The Court explained the president may frequently have conversations with the vice president regarding votes that occur in the Senate, particularly when the chamber is closely divided by party, because the vice president may be called upon to cast the tie-breaking vote on legislation.
“Applying a criminal prohibition to the President’s conversations discussing such matters with the Vice President — even though they concern his role as President of the Senate — may well hinder the President’s ability to perform his constitutional functions,” the opinion stated.
The court concluded, “It is ultimately the Government’s burden to rebut the presumption of immunity. We therefore remand to the District Court to assess in the first instance, with appropriate input from the parties, whether a prosecution involving Trump’s alleged attempts to influence the Vice President’s oversight of the certification proceeding in his capacity as President of the Senate would pose any dangers of intrusion.”
Turley expounded, “This case is going to have to go back to the district court, which is going to have to try to thread this needle to determine what in the case would not fall under these protections.”
“But this is obviously a win for President Trump in the sense that the special counsel was arguing, as with the lower court, that there was very little immunity here to be concerned with,” he added, noting the scope of immunity is much broader than Smith had contended.
Turley’s overall assessment was, “This is a very good day for the former president.

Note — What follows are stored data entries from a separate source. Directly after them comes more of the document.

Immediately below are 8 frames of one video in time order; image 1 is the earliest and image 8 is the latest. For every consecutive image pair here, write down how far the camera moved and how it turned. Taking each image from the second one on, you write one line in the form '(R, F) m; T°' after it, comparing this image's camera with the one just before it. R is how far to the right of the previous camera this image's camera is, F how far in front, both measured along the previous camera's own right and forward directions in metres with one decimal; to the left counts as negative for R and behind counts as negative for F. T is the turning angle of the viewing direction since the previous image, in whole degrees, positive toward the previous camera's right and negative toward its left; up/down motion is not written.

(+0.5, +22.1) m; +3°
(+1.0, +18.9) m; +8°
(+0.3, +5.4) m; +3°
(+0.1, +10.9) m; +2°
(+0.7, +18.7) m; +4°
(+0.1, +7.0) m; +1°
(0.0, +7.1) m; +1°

This opinion is quite favorable on most points.”
Justice Sonia Sotomayor, joined by Justices Elena Kagan and Ketanji Brown Jackson, wrote in a dissent that the majority’s decision “makes a mockery of the principle, foundational to our Constitution and system of Government, that no man is above the law.”
The justice argued that by the majority’s reasoning presidents would be immune if they chose to assassinate their political rival, take a bribe in exchange for a pardon, or organized the military to engage in a coup.

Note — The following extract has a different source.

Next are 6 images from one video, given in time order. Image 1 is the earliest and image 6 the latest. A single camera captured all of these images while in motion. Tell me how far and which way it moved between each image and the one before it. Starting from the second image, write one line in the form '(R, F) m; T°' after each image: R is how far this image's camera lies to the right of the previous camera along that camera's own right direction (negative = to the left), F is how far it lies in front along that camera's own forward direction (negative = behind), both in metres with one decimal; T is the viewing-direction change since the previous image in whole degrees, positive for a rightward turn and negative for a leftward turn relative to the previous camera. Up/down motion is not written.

Impeachment would be a remedy in these situations, and criminal prosecution could follow, even if the impeachment is not successful, the majority stated.

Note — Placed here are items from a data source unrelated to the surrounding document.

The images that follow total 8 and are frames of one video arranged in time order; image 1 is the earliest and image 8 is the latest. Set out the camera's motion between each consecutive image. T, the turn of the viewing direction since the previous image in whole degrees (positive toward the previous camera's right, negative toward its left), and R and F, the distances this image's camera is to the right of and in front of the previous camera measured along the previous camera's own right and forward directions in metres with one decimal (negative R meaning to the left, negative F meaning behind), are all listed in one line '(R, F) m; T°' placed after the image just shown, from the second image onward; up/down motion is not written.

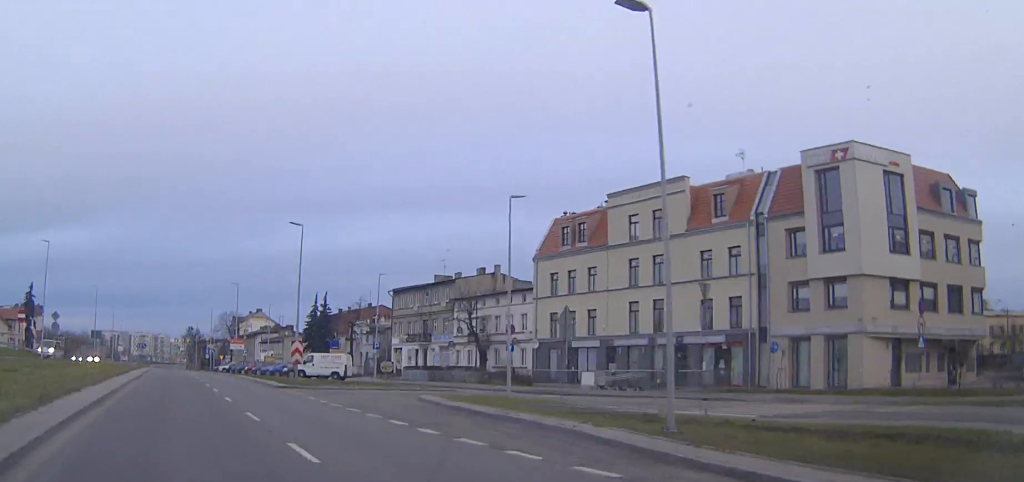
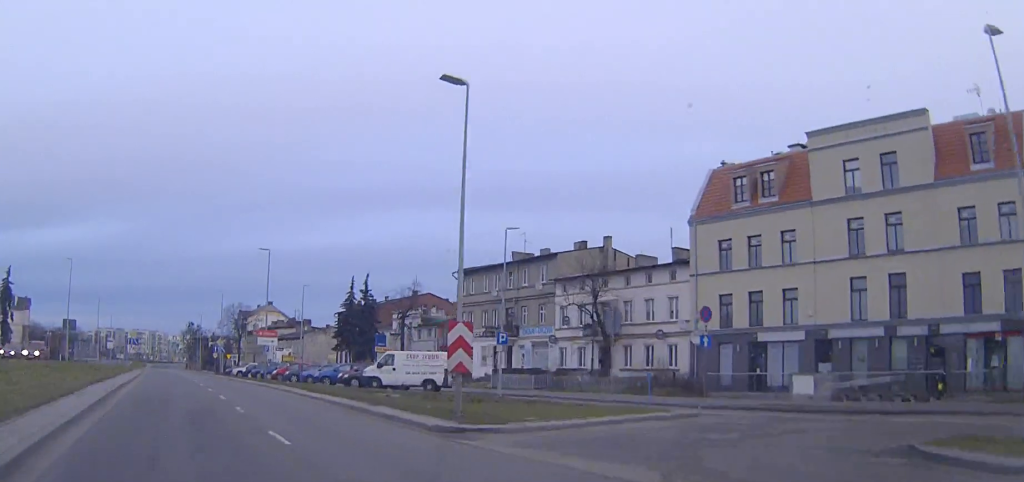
(0.0, +21.5) m; 0°
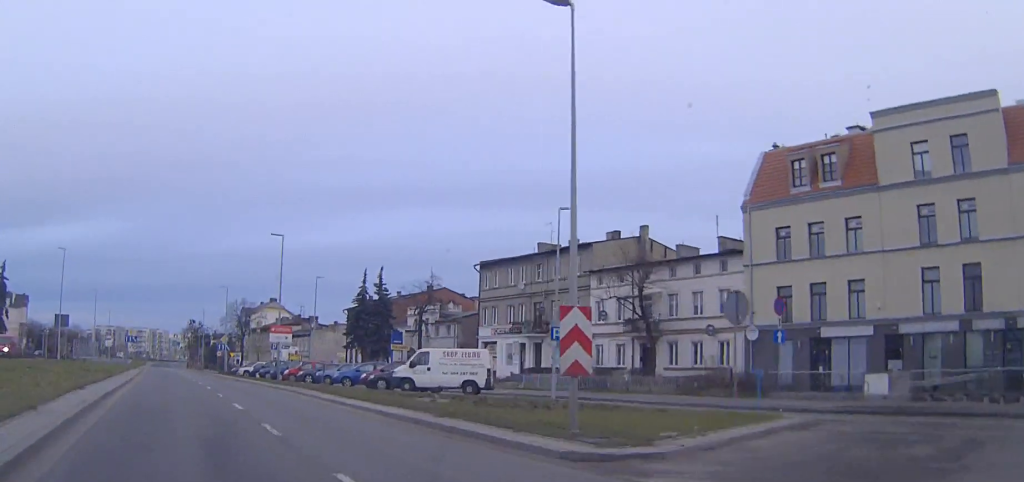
(0.0, +5.0) m; 0°
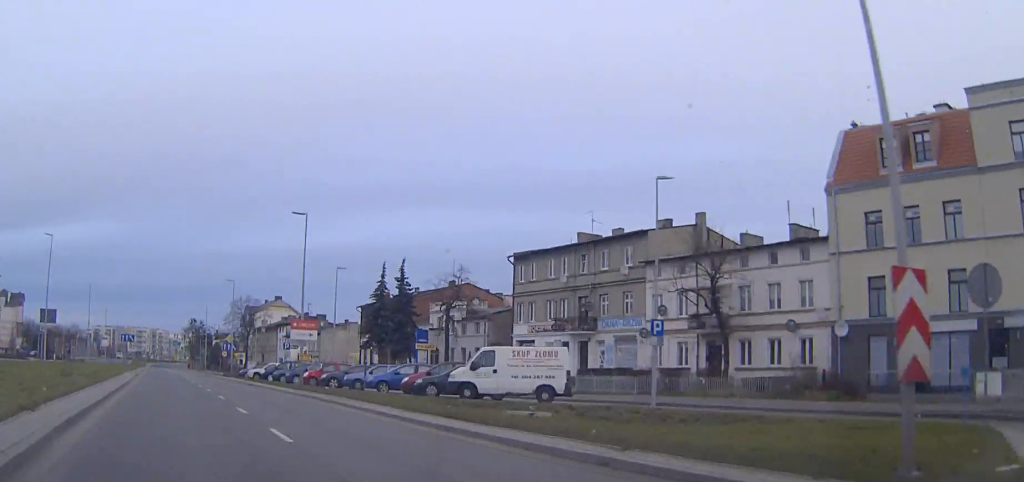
(0.0, +6.8) m; 0°
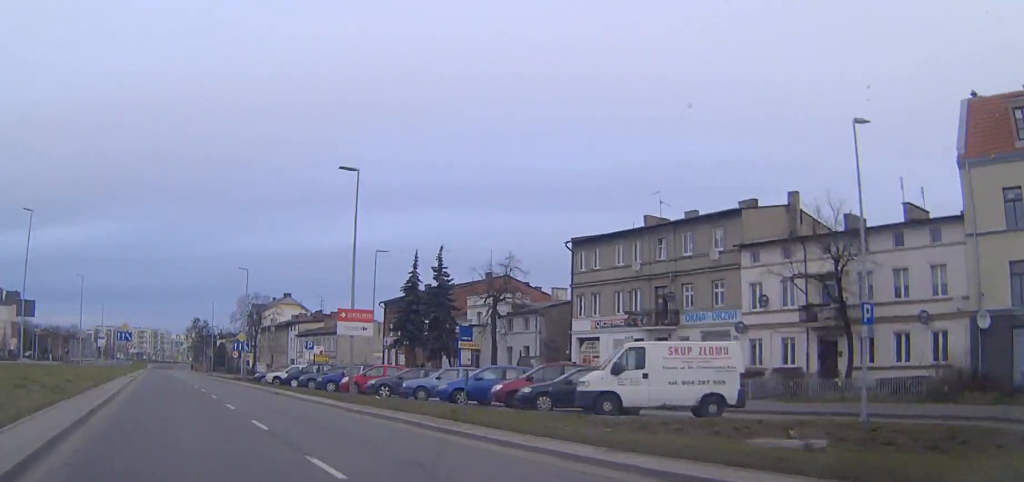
(+0.1, +9.1) m; 0°
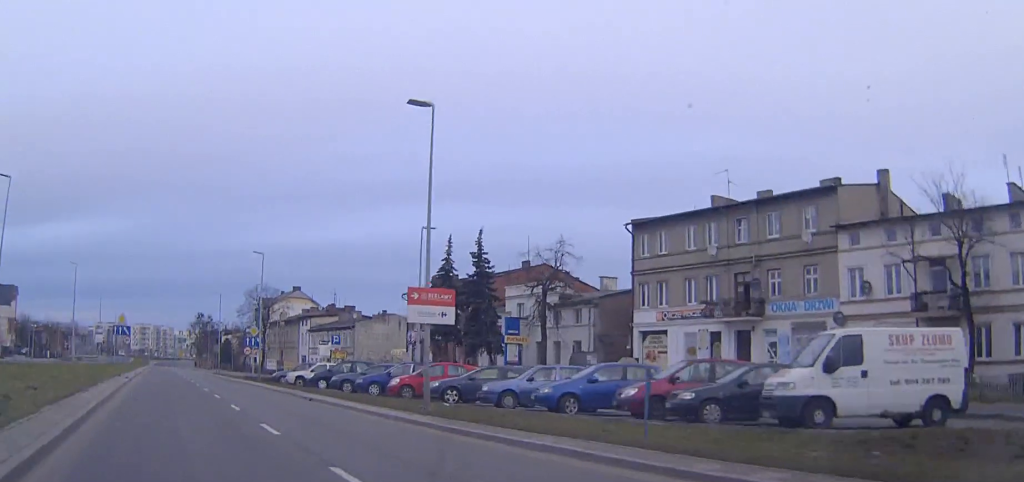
(0.0, +7.3) m; 0°
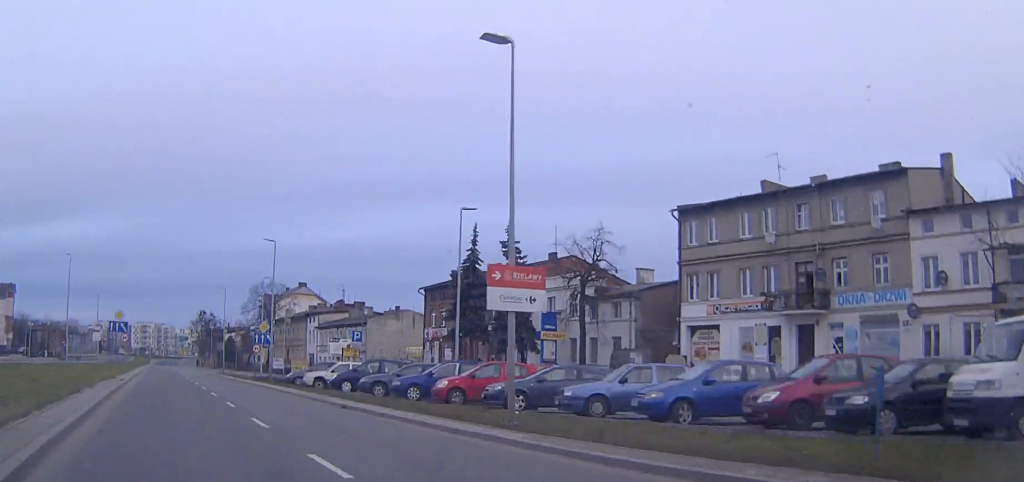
(0.0, +4.8) m; 0°
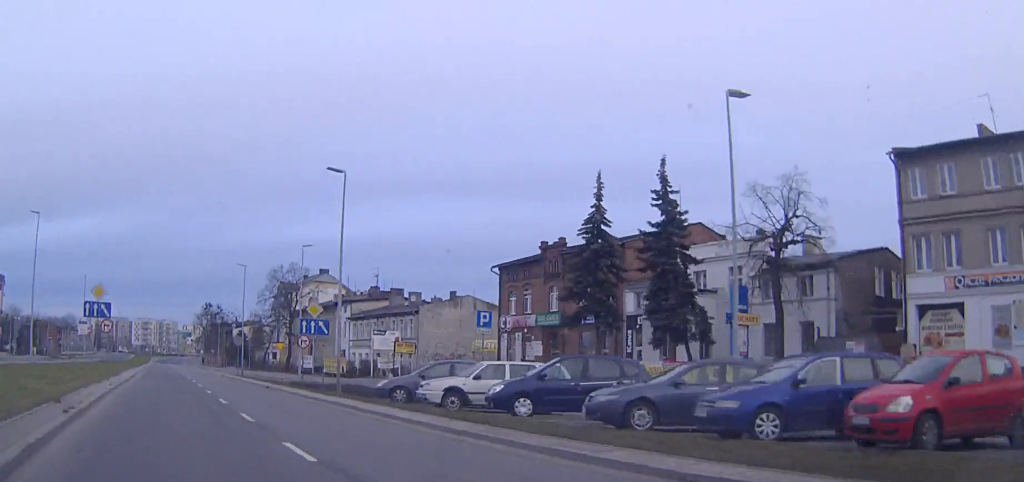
(-0.1, +16.5) m; -1°

The Court cited Alexander Hamilton in The Federalist No. 69 and No. 77, arguing this is the case.
The majority characterized Sotomayor’s of the president now being above the law as “fear mongering.”
“The dissents’ positions in the end boil down to ignoring the Constitution’s separation of powers and the Court’s precedent and instead fear mongering on the basis of extreme hypotheticals about a future where the President ‘feels empowered to violate federal criminal law,'” the Court wrote.
“The dissents overlook the more likely prospect of an Executive Branch that cannibalizes itself, with each successive President free to prosecute his predecessors, yet unable to boldly and fearlessly carry out his duties for fear that he may be next. For instance, Section 371 — which has been charged in this case — is a broadly worded criminal statute that can cover ‘any conspiracy for the purpose of impairing, obstructing or defeating the lawful function of any department of Government.’”
Trump responded to Monday’s ruling in a statement to Fox News, saying, “I have been harassed by the Democrat Party, Joe Biden, Obama and their thugs, fascists, and communists for years, and now the courts have spoken.”
“This is a big win for our Constitution and for democracy,” he continued. “Now I am free to campaign like anyone else. We are leading in every poll — by a lot — and we will make America great again.”